Items from a dataset
-------------------------
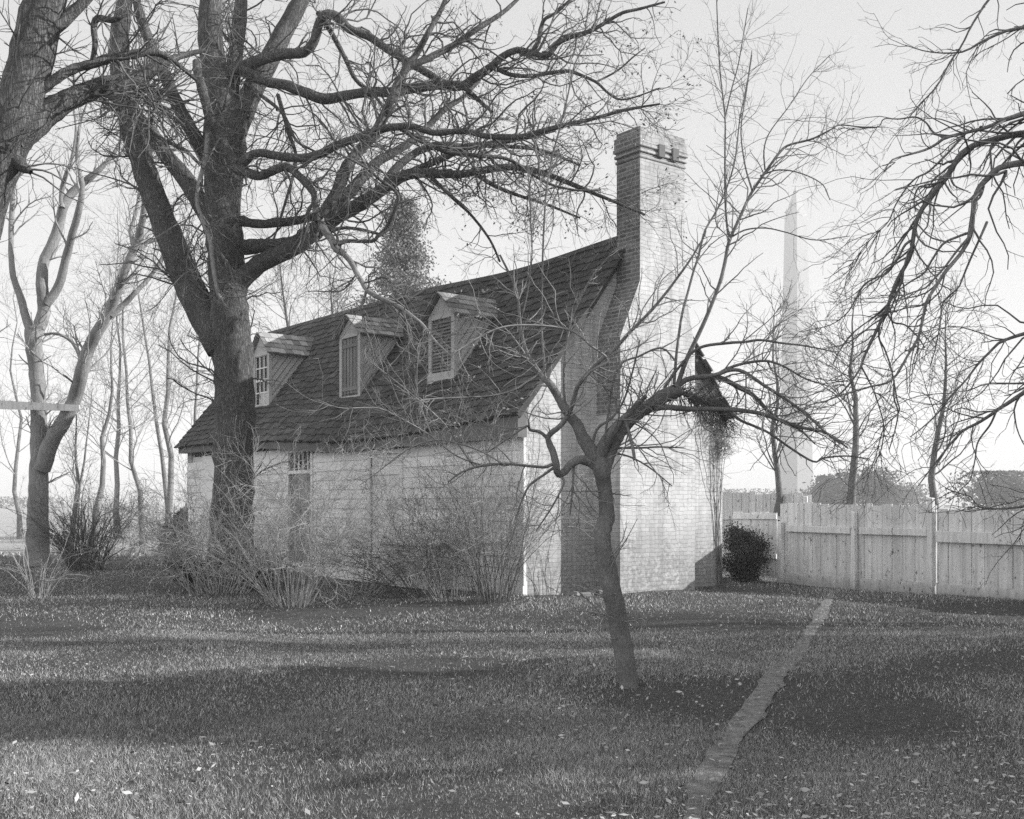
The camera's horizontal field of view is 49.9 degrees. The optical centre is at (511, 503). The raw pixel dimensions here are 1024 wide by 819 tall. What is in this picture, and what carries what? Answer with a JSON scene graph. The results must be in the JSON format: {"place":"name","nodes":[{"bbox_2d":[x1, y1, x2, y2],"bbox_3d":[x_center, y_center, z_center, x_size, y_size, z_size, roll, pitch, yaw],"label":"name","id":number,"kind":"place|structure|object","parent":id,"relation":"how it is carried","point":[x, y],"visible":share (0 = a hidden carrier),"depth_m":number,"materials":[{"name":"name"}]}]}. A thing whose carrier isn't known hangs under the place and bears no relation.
{"place":"outdoors","nodes":[
{"label":"outdoors","id":0,"kind":"place"},
{"bbox_2d":[0,504,1023,818],"bbox_3d":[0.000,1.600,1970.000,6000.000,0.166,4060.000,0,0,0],"label":"ground","id":1,"kind":"structure","parent":0,"point":[842,718],"depth_m":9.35,"materials":[{"name":"grey plant"}]},
{"bbox_2d":[0,523,90,597],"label":"bare shrub","id":2,"kind":"object","parent":1,"relation":"on","point":[31,594],"visible":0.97,"depth_m":18.10,"materials":[{"name":"grey plant"}]},
{"bbox_2d":[0,249,108,538],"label":"bare tree","id":3,"kind":"object","parent":1,"relation":"on","point":[15,496],"visible":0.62,"depth_m":49.75,"materials":[{"name":"grey plant"}]},
{"bbox_2d":[0,475,154,570],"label":"bare shrub","id":4,"kind":"object","parent":1,"relation":"on","point":[73,561],"visible":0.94,"depth_m":25.49,"materials":[{"name":"plant"}]},
{"bbox_2d":[46,379,110,549],"bbox_3d":[-15.021,-1.509,38.094,2.448,6.246,2.636,0,0,12],"label":"bare tree","id":5,"kind":"object","parent":1,"relation":"on","point":[74,452],"visible":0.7,"depth_m":37.95,"materials":[{"name":"grey plant"}]},
{"bbox_2d":[23,474,168,557],"bbox_3d":[-11.846,0.329,32.889,4.623,2.625,4.631,0,0,-33],"label":"bare shrub","id":6,"kind":"object","parent":1,"relation":"on","point":[110,521],"visible":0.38,"depth_m":32.38,"materials":[{"name":"black plant"}]},
{"bbox_2d":[15,473,180,514],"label":"bare woods","id":7,"kind":"object","parent":1,"relation":"on","point":[23,477],"visible":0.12,"depth_m":233.22,"materials":[{"name":"plant"}]},
{"bbox_2d":[0,56,204,565],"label":"forked tree","id":8,"kind":"object","parent":1,"relation":"on","point":[45,438],"visible":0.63,"depth_m":28.69,"materials":[{"name":"grey plant"}]},
{"bbox_2d":[0,400,79,410],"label":"plank","id":9,"kind":"object","parent":8,"relation":"attached to","point":[16,405],"visible":1,"depth_m":28.37,"materials":[{"name":"grey wood"}]},
{"bbox_2d":[14,203,203,536],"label":"bare tree","id":10,"kind":"object","parent":1,"relation":"on","point":[116,466],"visible":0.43,"depth_m":51.75,"materials":[{"name":"grey plant"}]},
{"bbox_2d":[57,253,176,553],"bbox_3d":[-11.916,-3.066,34.490,3.259,9.402,4.443,0,0,40],"label":"bare tree","id":11,"kind":"object","parent":1,"relation":"on","point":[102,453],"visible":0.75,"depth_m":33.95,"materials":[{"name":"grey plant"}]},
{"bbox_2d":[44,160,193,552],"bbox_3d":[-12.550,-4.960,35.791,5.009,13.150,6.060,0,0,-28],"label":"bare tree","id":12,"kind":"object","parent":1,"relation":"on","point":[131,451],"visible":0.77,"depth_m":35.80,"materials":[{"name":"grey plant"}]},
{"bbox_2d":[0,0,258,341],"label":"leaning tree","id":13,"kind":"object","parent":1,"relation":"on","point":[31,114],"visible":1,"depth_m":13.00,"materials":[{"name":"grey plant"}]},
{"bbox_2d":[41,131,258,523],"bbox_3d":[-12.509,-5.761,38.150,7.580,14.787,5.898,0,0,0],"label":"bare tree","id":14,"kind":"object","parent":1,"relation":"on","point":[167,436],"visible":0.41,"depth_m":37.84,"materials":[{"name":"grey plant"}]},
{"bbox_2d":[158,506,195,567],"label":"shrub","id":15,"kind":"object","parent":1,"relation":"on","point":[181,511],"visible":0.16,"depth_m":26.90,"materials":[{"name":"plant"}]},
{"bbox_2d":[105,202,251,507],"bbox_3d":[-10.596,-4.198,36.338,4.589,11.629,5.630,0,0,0],"label":"bare tree","id":16,"kind":"object","parent":1,"relation":"on","point":[195,401],"visible":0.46,"depth_m":36.07,"materials":[{"name":"grey plant"}]},
{"bbox_2d":[114,477,287,572],"bbox_3d":[-7.325,0.512,24.718,3.938,2.356,3.560,0,0,-40],"label":"bare shrub","id":17,"kind":"object","parent":1,"relation":"on","point":[178,528],"visible":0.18,"depth_m":24.66,"materials":[{"name":"grey plant"}]},
{"bbox_2d":[28,420,374,601],"bbox_3d":[-5.427,0.044,19.515,5.480,3.187,4.852,0,0,20],"label":"bare shrub","id":18,"kind":"object","parent":1,"relation":"on","point":[185,553],"visible":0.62,"depth_m":19.57,"materials":[{"name":"plant"}]},
{"bbox_2d":[107,413,435,609],"bbox_3d":[-3.752,0.058,17.262,5.074,3.152,5.753,0,0,0],"label":"bare shrub","id":19,"kind":"object","parent":1,"relation":"on","point":[321,570],"visible":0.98,"depth_m":16.99,"materials":[{"name":"grey plant"}]},
{"bbox_2d":[185,174,361,403],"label":"bare tree","id":20,"kind":"object","parent":1,"relation":"on","point":[284,310],"visible":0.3,"depth_m":45.99,"materials":[{"name":"grey plant"}]},
{"bbox_2d":[277,236,404,326],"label":"bare tree","id":21,"kind":"object","parent":1,"relation":"on","point":[331,294],"visible":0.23,"depth_m":46.60,"materials":[{"name":"grey plant"}]},
{"bbox_2d":[216,459,484,599],"bbox_3d":[-2.624,0.402,19.967,4.929,2.548,4.706,0,0,-38],"label":"bare shrub","id":22,"kind":"object","parent":1,"relation":"on","point":[365,587],"visible":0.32,"depth_m":19.88,"materials":[{"name":"grey plant"}]},
{"bbox_2d":[53,0,716,590],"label":"great tree","id":23,"kind":"object","parent":1,"relation":"on","point":[219,320],"visible":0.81,"depth_m":20.41,"materials":[{"name":"grey plant"}]},
{"bbox_2d":[345,189,450,308],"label":"conifer","id":24,"kind":"object","parent":1,"relation":"on","point":[405,240],"visible":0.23,"depth_m":51.42,"materials":[{"name":"grey plant"}]},
{"bbox_2d":[294,457,530,600],"bbox_3d":[-1.799,0.465,18.355,3.292,2.612,4.056,0,0,-31],"label":"bare shrub","id":25,"kind":"object","parent":1,"relation":"on","point":[394,594],"visible":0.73,"depth_m":18.52,"materials":[{"name":"grey plant"}]},
{"bbox_2d":[350,433,548,602],"bbox_3d":[-1.151,0.225,17.745,2.906,2.832,3.310,0,0,-20],"label":"bare shrub","id":26,"kind":"object","parent":1,"relation":"on","point":[419,538],"visible":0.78,"depth_m":17.88,"materials":[{"name":"grey plant"}]},
{"bbox_2d":[173,126,733,594],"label":"house","id":27,"kind":"structure","parent":1,"relation":"on","point":[655,554],"depth_m":20.50,"materials":[{"name":"white brick"}]},
{"bbox_2d":[287,450,313,561],"bbox_3d":[-4.878,0.025,25.451,0.105,2.650,1.280,0,0,-38],"label":"door","id":28,"kind":"structure","parent":27,"relation":"in","point":[296,480],"depth_m":25.50,"materials":[{"name":"grey wood"}]},
{"bbox_2d":[291,452,309,470],"bbox_3d":[-4.868,-0.990,25.458,0.045,0.420,1.100,0,0,-38],"label":"transom window","id":29,"kind":"structure","parent":27,"relation":"in","point":[307,453],"depth_m":25.50,"materials":[{"name":"grey glass"}]},
{"bbox_2d":[367,448,403,567],"bbox_3d":[-2.568,0.145,22.476,0.105,2.510,1.350,0,0,-38],"label":"door","id":30,"kind":"structure","parent":27,"relation":"in","point":[386,474],"depth_m":22.53,"materials":[{"name":"grey wood"}]},
{"bbox_2d":[695,380,740,584],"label":"climbing vine","id":31,"kind":"object","parent":27,"relation":"attached to","point":[729,448],"visible":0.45,"depth_m":21.85,"materials":[{"name":"grey plant"}]},
{"bbox_2d":[337,387,647,603],"bbox_3d":[-0.287,-0.187,17.875,4.848,3.604,4.505,0,0,0],"label":"bare shrub","id":32,"kind":"object","parent":1,"relation":"on","point":[491,539],"visible":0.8,"depth_m":17.77,"materials":[{"name":"plant"}]},
{"bbox_2d":[0,466,1023,510],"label":"distant woods","id":33,"kind":"object","parent":1,"relation":"on","point":[832,489],"visible":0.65,"depth_m":253.15,"materials":[{"name":"grey plant"}]},
{"bbox_2d":[0,568,1023,818],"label":"fallen leaves","id":34,"kind":"object","parent":1,"relation":"on","point":[760,794],"visible":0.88,"depth_m":6.72,"materials":[{"name":"plant"}]},
{"bbox_2d":[504,540,595,598],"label":"weeds","id":35,"kind":"object","parent":1,"relation":"on","point":[535,593],"visible":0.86,"depth_m":18.33,"materials":[{"name":"plant"}]},
{"bbox_2d":[566,592,579,595],"bbox_3d":[1.065,1.566,19.165,0.220,0.065,0.100,-1,-12,33],"label":"loose brick","id":36,"kind":"object","parent":1,"relation":"on","point":[575,593],"visible":0.86,"depth_m":19.11,"materials":[{"name":"brick"}]},
{"bbox_2d":[580,592,593,595],"bbox_3d":[1.290,1.563,18.978,0.220,0.065,0.100,0,8,-22],"label":"loose brick","id":37,"kind":"object","parent":1,"relation":"on","point":[586,593],"visible":0.6,"depth_m":18.94,"materials":[{"name":"brick"}]},
{"bbox_2d":[275,0,917,688],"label":"crooked tree","id":38,"kind":"object","parent":1,"relation":"on","point":[599,460],"visible":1,"depth_m":9.35,"materials":[{"name":"grey plant"}]},
{"bbox_2d":[722,521,773,580],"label":"evergreen bush","id":39,"kind":"object","parent":1,"relation":"on","point":[747,563],"visible":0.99,"depth_m":22.60,"materials":[{"name":"black plant"}]},
{"bbox_2d":[733,511,776,575],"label":"plank gate","id":40,"kind":"structure","parent":1,"relation":"on","point":[766,522],"depth_m":23.19,"materials":[{"name":"grey wood"}]},
{"bbox_2d":[722,491,810,565],"bbox_3d":[5.480,0.719,28.163,4.294,2.163,0.176,0,0,28],"label":"board fence","id":41,"kind":"object","parent":1,"relation":"on","point":[746,502],"visible":0.21,"depth_m":27.94,"materials":[{"name":"grey wood"}]},
{"bbox_2d":[720,270,824,520],"bbox_3d":[6.362,-2.171,27.448,2.624,7.613,3.127,0,0,0],"label":"bare tree","id":42,"kind":"object","parent":1,"relation":"on","point":[778,480],"visible":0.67,"depth_m":27.50,"materials":[{"name":"grey plant"}]},
{"bbox_2d":[779,185,812,493],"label":"obelisk","id":43,"kind":"object","parent":1,"relation":"on","point":[790,479],"visible":0.79,"depth_m":571.48,"materials":[{"name":"stone"}]},
{"bbox_2d":[777,254,908,504],"bbox_3d":[7.887,-2.090,26.121,3.197,7.456,2.223,0,0,0],"label":"bare tree","id":44,"kind":"object","parent":1,"relation":"on","point":[852,500],"visible":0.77,"depth_m":25.96,"materials":[{"name":"grey plant"}]},
{"bbox_2d":[777,497,936,593],"bbox_3d":[6.576,0.840,21.350,0.176,1.919,3.834,0,0,-32],"label":"board fence","id":45,"kind":"object","parent":1,"relation":"on","point":[846,549],"visible":0.87,"depth_m":21.19,"materials":[{"name":"grey wood"}]},
{"bbox_2d":[770,0,1023,590],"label":"overhanging tree","id":46,"kind":"object","parent":1,"relation":"on","point":[886,310],"visible":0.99,"depth_m":12.90,"materials":[{"name":"grey plant"}]},
{"bbox_2d":[905,256,1003,575],"bbox_3d":[9.728,-1.977,24.516,2.130,7.184,2.664,0,0,0],"label":"bare tree","id":47,"kind":"object","parent":1,"relation":"on","point":[932,487],"visible":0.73,"depth_m":24.33,"materials":[{"name":"grey plant"}]},
{"bbox_2d":[936,509,1023,599],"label":"board fence","id":48,"kind":"object","parent":1,"relation":"on","point":[964,567],"visible":0.87,"depth_m":18.99,"materials":[{"name":"grey wood"}]},
{"bbox_2d":[0,0,1023,503],"label":"sky","id":49,"kind":"structure","parent":0,"point":[886,84],"materials":[{"name":"white"}]},
{"bbox_2d":[684,589,833,818],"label":"path","id":50,"kind":"structure","parent":0,"point":[760,699],"depth_m":7.92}
]}
-------------------------
Only the count, nothing else: how many lines of the records hold the word "board"?

3